#### RAW DATA ####

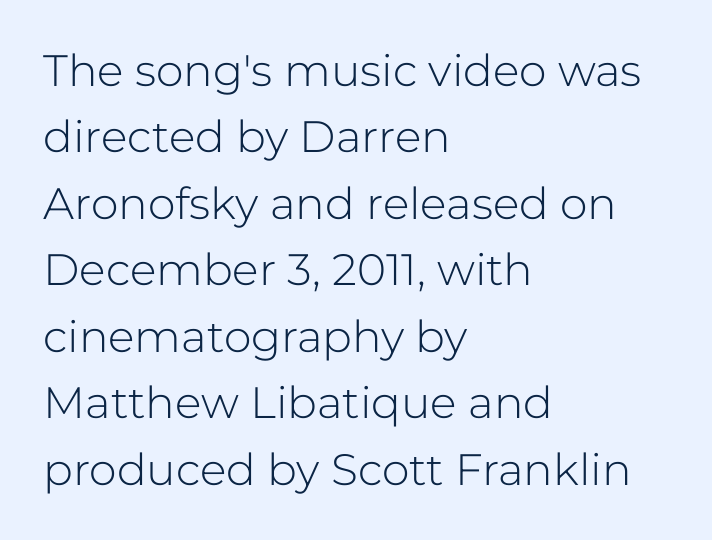
The image shows 44 px light sans-serif type, upright; set left-aligned, normal line spacing (1.51x), normal letter spacing, not underlined; low stroke contrast and a medium x-height.
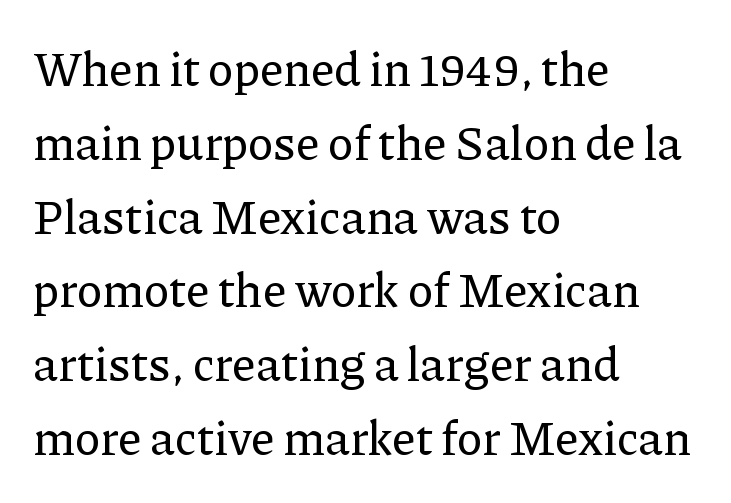
Q: Is the text italic (slanted)? A: No, it is upright.
Q: Is the typeface a serif or a sans-serif typeface? A: Serif.
Q: Is the text underlined? A: No.
Q: How is the paragraph aligned? A: Left-aligned.
Q: Is the spacing between letters normal or unusually wide? A: Normal.
Q: Is the spacing between lines tight, normal or loose? A: Normal.
Q: Width (condensed, normal, or wide)? A: Normal.
Q: Stroke contrast? A: Low.
Q: x-height? A: Medium.
Q: Monospaced? A: No.
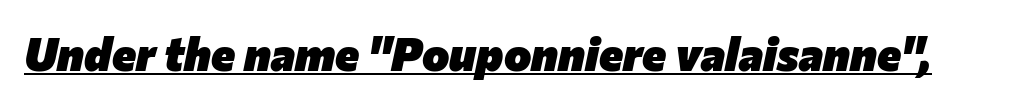
The image shows 46 px heavy type, italic (leaning right); set normal letter spacing, underlined; low stroke contrast and a medium x-height.
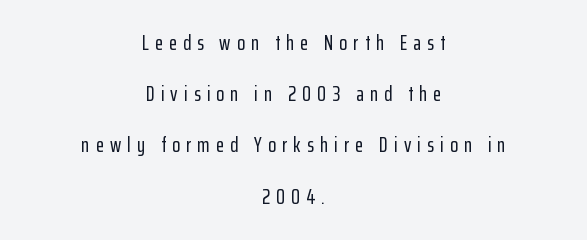
{"italic": "no", "underline": "no", "align": "center", "line_spacing": "loose", "line_spacing_ratio": 2.44, "letter_spacing": "wide", "letter_spacing_em": 0.29, "glyph_px": 21}
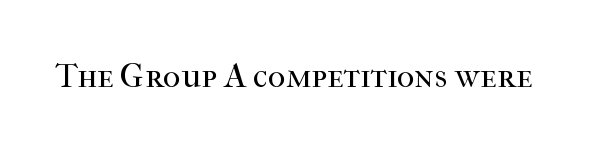
Q: Is the text bold? A: No.
Q: Is the text italic (slanted)? A: No, it is upright.
Q: Is the typeface a serif or a sans-serif typeface? A: Serif.
Q: Is the text underlined? A: No.
Q: Is the spacing between letters normal or unusually wide? A: Normal.
Q: Width (condensed, normal, or wide)? A: Normal.
Q: Stroke contrast? A: High.
Q: x-height? A: Medium.
Q: Monospaced? A: No.
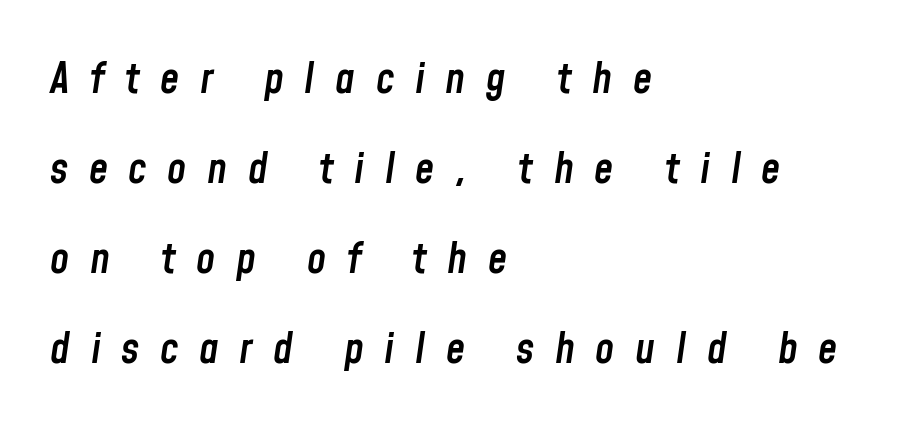
Here the designer chose a conventional face with non-uniform glyph widths. A great deal of white space separates one row of letters from the next. This sample uses an oblique cut, with every glyph tilted off the vertical. The passage shown is semibold, sitting just below true bold.
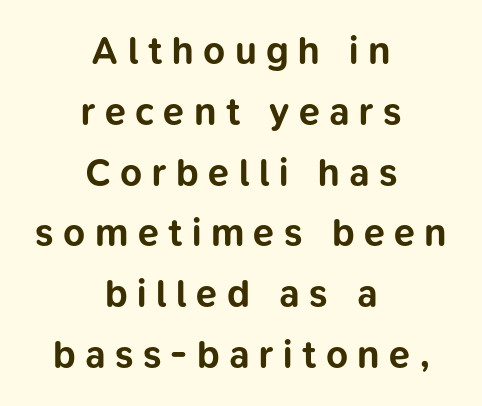
{"serif": "no", "italic": "no", "bold": "yes", "weight": "bold", "width": "normal", "stroke_contrast": "low", "x_height": "medium", "monospaced": "no", "underline": "no", "align": "center", "line_spacing": "normal", "line_spacing_ratio": 1.6, "letter_spacing": "wide", "letter_spacing_em": 0.25, "glyph_px": 38}
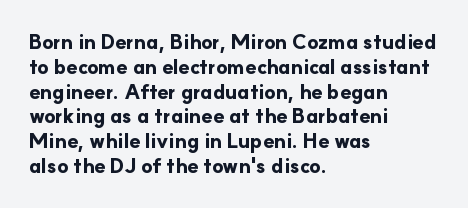
Line starts are locked; line ends wander. Tracking value appears to be zero — textbook default spacing. Style check: upright. Rule under the text: the space is simply empty. Heavy-handed strokes throughout: this text is bold.
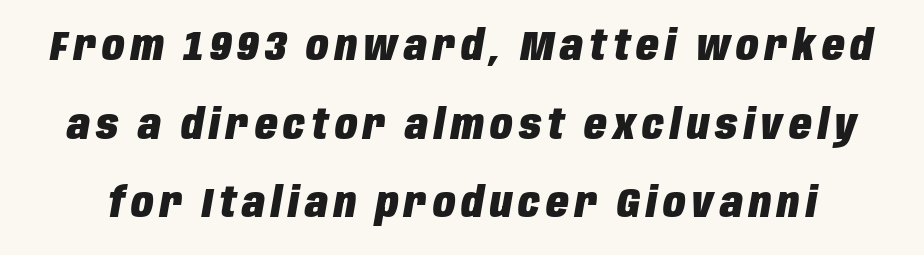
{"italic": "yes", "lean": "right", "slant_degrees": 10, "bold": "yes", "weight": "heavy", "width": "condensed", "stroke_contrast": "low", "x_height": "large", "monospaced": "no", "underline": "no", "line_spacing": "loose", "line_spacing_ratio": 1.92, "glyph_px": 41}
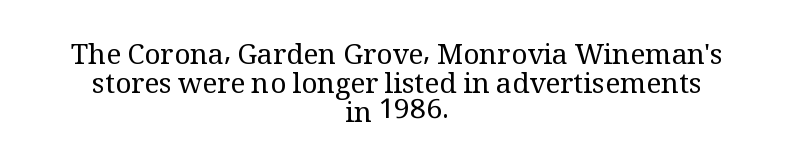
The image shows 28 px regular-weight serif type, upright; set centered, tight line spacing (1.03x), normal letter spacing, not underlined; medium stroke contrast and a medium x-height.
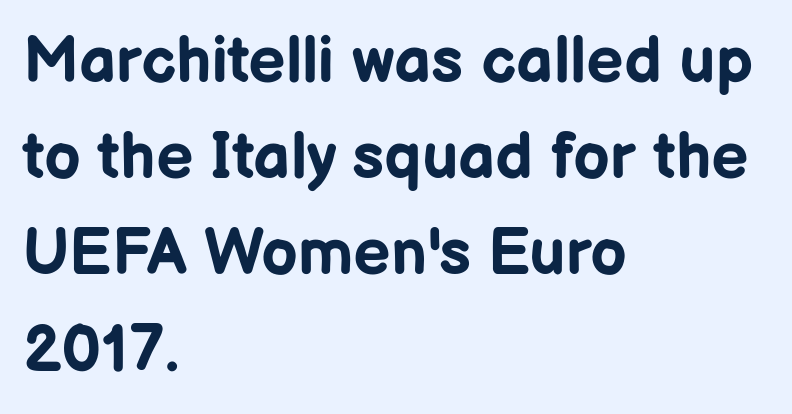
Descenders hang freely into open space. The type family on display is of the sans-serif kind. Compared with a centered layout, this one pins lines to the left instead. Style check: upright.

####

- **EXERCISE DIRECTIONS**
Leave out the pictures and give the rest of the records again exactly.

- **EXERCISE OUTPUT**
The image shows 44 px light sans-serif type, upright; set left-aligned, normal line spacing (1.51x), normal letter spacing, not underlined; low stroke contrast and a medium x-height.
Q: Is the text italic (slanted)? A: No, it is upright.
Q: Is the typeface a serif or a sans-serif typeface? A: Serif.
Q: Is the text underlined? A: No.
Q: How is the paragraph aligned? A: Left-aligned.
Q: Is the spacing between letters normal or unusually wide? A: Normal.
Q: Is the spacing between lines tight, normal or loose? A: Normal.
Q: Width (condensed, normal, or wide)? A: Normal.
Q: Stroke contrast? A: Low.
Q: x-height? A: Medium.
Q: Monospaced? A: No.
The image shows 46 px heavy type, italic (leaning right); set normal letter spacing, underlined; low stroke contrast and a medium x-height.
{"italic": "no", "underline": "no", "align": "center", "line_spacing": "loose", "line_spacing_ratio": 2.44, "letter_spacing": "wide", "letter_spacing_em": 0.29, "glyph_px": 21}
Q: Is the text bold? A: No.
Q: Is the text italic (slanted)? A: No, it is upright.
Q: Is the typeface a serif or a sans-serif typeface? A: Serif.
Q: Is the text underlined? A: No.
Q: Is the spacing between letters normal or unusually wide? A: Normal.
Q: Width (condensed, normal, or wide)? A: Normal.
Q: Stroke contrast? A: High.
Q: x-height? A: Medium.
Q: Monospaced? A: No.
Here the designer chose a conventional face with non-uniform glyph widths. A great deal of white space separates one row of letters from the next. This sample uses an oblique cut, with every glyph tilted off the vertical. The passage shown is semibold, sitting just below true bold.
{"serif": "no", "italic": "no", "bold": "yes", "weight": "bold", "width": "normal", "stroke_contrast": "low", "x_height": "medium", "monospaced": "no", "underline": "no", "align": "center", "line_spacing": "normal", "line_spacing_ratio": 1.6, "letter_spacing": "wide", "letter_spacing_em": 0.25, "glyph_px": 38}
Line starts are locked; line ends wander. Tracking value appears to be zero — textbook default spacing. Style check: upright. Rule under the text: the space is simply empty. Heavy-handed strokes throughout: this text is bold.
{"italic": "yes", "lean": "right", "slant_degrees": 10, "bold": "yes", "weight": "heavy", "width": "condensed", "stroke_contrast": "low", "x_height": "large", "monospaced": "no", "underline": "no", "line_spacing": "loose", "line_spacing_ratio": 1.92, "glyph_px": 41}
The image shows 28 px regular-weight serif type, upright; set centered, tight line spacing (1.03x), normal letter spacing, not underlined; medium stroke contrast and a medium x-height.
Descenders hang freely into open space. The type family on display is of the sans-serif kind. Compared with a centered layout, this one pins lines to the left instead. Style check: upright.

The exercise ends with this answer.